Mr. Harper, who’s heading to China again this fall, first journeyed to Beijing in December, 2009.

That was an important visit aimed at thawing once-frosty relations between the Chinese and the Conservative government.

But, according to the U.S. embassy cable, Mr. Harper would have preferred to make that first voyage to China weeks earlier while he was in Asia for a November, 2009, APEC summit in Singapore.

He was forced to make a second trip to Asia, the cable suggests, because Beijing held off inviting him until it saw how the Canadian government treated the Dalai Lama in October, 2009. China regards the spiritual leader as a troublemaker who threatens its control of Tibet.

“Policy advisers in the Prime Minister’s Office had earlier expressed disappointment that Beijing had been unwilling to schedule a visit by PM Harper immediately before or after the APEC Leaders’ Summit in Singapore,” the cable read.

“They attributed [this]to Beijing’s wariness over how Ottawa might receive the Dalai Lama – to whom Canada granted honorary Canadian citizenship in 2006 – during his October visit to Canada.”

Mr. Harper avoided meeting the spiritual Tibetan leader during his 2009 tour of Canada.

The invitation from Beijing followed, but not soon enough for the Canadian leader’s liking.

“The PM’s decision not to meet [the Dalai Lama]on that trip did result in the eventual invitation, rather to the inconvenience of the PM, who . . . did not welcome having to make two trips to Asia in less than [a]month,” the U.S. embassy cable said.

At the time, Mr.
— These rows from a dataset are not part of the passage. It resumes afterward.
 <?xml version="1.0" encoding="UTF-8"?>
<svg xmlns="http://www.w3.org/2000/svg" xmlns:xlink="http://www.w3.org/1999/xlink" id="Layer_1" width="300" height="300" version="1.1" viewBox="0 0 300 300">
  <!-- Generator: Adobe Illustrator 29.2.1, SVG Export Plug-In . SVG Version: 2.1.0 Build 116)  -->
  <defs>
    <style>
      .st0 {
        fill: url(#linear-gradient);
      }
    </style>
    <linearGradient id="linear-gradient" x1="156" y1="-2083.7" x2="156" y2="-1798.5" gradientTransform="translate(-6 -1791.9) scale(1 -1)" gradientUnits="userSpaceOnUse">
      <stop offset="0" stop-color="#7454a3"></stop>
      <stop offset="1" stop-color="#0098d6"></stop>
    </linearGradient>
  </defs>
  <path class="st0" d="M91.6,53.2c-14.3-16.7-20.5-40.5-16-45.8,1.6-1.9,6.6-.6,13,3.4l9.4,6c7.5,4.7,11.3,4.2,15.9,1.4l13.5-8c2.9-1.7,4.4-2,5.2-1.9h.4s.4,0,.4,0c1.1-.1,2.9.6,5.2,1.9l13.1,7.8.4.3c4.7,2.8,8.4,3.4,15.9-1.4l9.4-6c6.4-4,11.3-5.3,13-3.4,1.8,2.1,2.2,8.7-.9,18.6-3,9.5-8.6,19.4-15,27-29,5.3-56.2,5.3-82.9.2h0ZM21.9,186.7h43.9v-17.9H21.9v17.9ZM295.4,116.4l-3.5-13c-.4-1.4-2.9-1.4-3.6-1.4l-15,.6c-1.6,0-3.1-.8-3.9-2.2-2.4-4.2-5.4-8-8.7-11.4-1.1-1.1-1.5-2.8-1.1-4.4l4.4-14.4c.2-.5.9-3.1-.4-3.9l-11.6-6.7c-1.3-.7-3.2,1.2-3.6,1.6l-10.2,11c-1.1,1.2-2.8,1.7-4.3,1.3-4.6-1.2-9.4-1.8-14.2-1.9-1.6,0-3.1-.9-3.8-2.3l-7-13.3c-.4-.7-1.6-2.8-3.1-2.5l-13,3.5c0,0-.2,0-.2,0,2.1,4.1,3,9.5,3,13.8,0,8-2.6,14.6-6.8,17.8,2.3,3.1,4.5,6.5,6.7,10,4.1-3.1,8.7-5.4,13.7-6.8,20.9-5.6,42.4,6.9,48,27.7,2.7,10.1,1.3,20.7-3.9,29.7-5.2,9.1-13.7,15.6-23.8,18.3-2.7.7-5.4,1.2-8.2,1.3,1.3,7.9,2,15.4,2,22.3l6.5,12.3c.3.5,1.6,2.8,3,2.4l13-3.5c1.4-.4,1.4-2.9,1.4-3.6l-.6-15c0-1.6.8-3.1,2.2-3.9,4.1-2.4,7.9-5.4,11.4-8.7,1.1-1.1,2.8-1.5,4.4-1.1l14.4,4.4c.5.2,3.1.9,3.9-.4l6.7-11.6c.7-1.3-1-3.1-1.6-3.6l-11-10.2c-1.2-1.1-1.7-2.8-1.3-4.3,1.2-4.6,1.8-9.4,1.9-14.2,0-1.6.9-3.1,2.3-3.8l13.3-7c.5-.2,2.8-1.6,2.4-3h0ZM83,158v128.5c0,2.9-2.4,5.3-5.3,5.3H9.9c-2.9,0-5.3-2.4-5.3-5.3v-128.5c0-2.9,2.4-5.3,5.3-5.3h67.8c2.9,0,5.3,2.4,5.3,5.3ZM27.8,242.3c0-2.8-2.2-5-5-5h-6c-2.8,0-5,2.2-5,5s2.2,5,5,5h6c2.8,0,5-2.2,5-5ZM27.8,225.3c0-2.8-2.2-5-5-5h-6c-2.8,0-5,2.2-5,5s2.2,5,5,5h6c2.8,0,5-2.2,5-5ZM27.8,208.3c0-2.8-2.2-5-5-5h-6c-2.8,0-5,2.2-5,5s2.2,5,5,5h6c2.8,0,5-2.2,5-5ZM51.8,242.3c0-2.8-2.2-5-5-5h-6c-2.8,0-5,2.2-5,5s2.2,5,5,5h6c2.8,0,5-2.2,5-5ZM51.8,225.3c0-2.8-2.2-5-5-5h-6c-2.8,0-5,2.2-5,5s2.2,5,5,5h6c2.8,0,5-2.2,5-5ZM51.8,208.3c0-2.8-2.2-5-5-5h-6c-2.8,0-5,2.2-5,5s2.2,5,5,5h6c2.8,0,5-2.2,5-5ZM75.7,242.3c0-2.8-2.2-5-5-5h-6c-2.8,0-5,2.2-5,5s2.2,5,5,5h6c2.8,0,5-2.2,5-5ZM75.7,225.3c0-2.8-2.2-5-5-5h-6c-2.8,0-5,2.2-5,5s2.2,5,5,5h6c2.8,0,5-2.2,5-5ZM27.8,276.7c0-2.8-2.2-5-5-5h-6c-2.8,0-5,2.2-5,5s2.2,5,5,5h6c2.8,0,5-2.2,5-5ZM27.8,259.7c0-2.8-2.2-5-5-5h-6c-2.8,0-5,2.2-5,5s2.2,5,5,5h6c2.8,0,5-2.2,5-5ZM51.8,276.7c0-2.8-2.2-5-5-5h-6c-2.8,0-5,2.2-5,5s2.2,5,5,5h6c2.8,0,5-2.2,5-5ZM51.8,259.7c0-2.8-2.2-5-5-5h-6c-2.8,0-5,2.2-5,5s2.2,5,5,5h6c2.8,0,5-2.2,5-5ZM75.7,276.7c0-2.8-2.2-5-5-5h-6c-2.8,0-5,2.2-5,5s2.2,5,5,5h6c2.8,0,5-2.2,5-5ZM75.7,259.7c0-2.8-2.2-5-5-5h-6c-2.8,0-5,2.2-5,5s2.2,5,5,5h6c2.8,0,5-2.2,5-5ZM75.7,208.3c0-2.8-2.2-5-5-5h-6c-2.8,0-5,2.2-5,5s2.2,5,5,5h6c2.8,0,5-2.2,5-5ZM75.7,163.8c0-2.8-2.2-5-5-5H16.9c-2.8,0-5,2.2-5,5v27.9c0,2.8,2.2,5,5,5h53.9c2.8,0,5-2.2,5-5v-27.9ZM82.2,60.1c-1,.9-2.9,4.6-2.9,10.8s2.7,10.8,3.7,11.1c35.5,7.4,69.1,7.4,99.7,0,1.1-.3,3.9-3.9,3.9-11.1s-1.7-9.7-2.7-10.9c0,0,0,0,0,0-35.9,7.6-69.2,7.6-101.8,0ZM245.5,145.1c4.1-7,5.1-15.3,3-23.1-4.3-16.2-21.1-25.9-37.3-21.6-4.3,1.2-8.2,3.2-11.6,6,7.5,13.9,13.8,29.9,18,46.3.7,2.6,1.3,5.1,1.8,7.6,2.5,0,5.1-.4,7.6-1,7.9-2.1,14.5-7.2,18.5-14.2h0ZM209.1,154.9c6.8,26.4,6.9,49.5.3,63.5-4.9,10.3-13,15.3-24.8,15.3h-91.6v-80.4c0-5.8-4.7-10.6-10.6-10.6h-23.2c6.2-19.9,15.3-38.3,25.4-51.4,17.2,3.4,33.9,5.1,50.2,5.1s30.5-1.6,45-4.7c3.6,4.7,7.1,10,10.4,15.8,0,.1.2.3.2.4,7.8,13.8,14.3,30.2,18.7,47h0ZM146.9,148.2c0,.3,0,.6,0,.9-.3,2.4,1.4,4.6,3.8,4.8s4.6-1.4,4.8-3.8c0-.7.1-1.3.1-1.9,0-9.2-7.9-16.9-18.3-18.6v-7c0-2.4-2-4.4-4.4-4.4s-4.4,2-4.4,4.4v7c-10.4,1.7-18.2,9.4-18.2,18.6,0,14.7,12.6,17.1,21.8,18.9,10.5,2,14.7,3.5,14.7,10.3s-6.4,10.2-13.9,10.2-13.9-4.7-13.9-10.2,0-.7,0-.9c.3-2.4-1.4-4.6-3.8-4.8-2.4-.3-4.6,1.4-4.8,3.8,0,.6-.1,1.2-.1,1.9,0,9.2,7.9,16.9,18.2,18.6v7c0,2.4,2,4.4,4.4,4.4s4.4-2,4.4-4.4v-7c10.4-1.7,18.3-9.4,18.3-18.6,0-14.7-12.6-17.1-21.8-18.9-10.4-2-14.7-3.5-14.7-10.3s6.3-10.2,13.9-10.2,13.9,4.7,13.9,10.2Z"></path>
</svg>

Harper lacked control of the Commons, which required him to pay extra attention to domestic politics in case his minority government was threatened with defeat.

But even after his majority government win, Mr. Harper is still evincing a dislike of lengthy excursions outside Canada today.

During a six-day visit to Latin America in August, he was overheard by Canadian media telling a Brazilian official in Sao Paulo that “three days is a long trip for me.”

The Prime Minister’s Office declined comment on the U.S. diplomatic memo. “These are not Canadian documents and we do not comment on leaked documents,” Andrew MacDougall, associate PMO director of communications, told The Globe and Mail.

Mr. Harper’s foreign trips are generally very tightly scheduled. During his Latin America trip, for instance, he visited four countries in six days.

The Canadian leader’s Conservative Party has in recent years turned living abroad into a political liability. It relentlessly attacked former Liberal leader Michael Ignatieff as a carpetbagger for spending three decades outside Canada as a pundit and academic.

“Why is Michael Ignatieff back in Canada after being away for 34 years?” the Tories asked in May 2009 TV ads suggesting the Liberal Leader only returned to win power.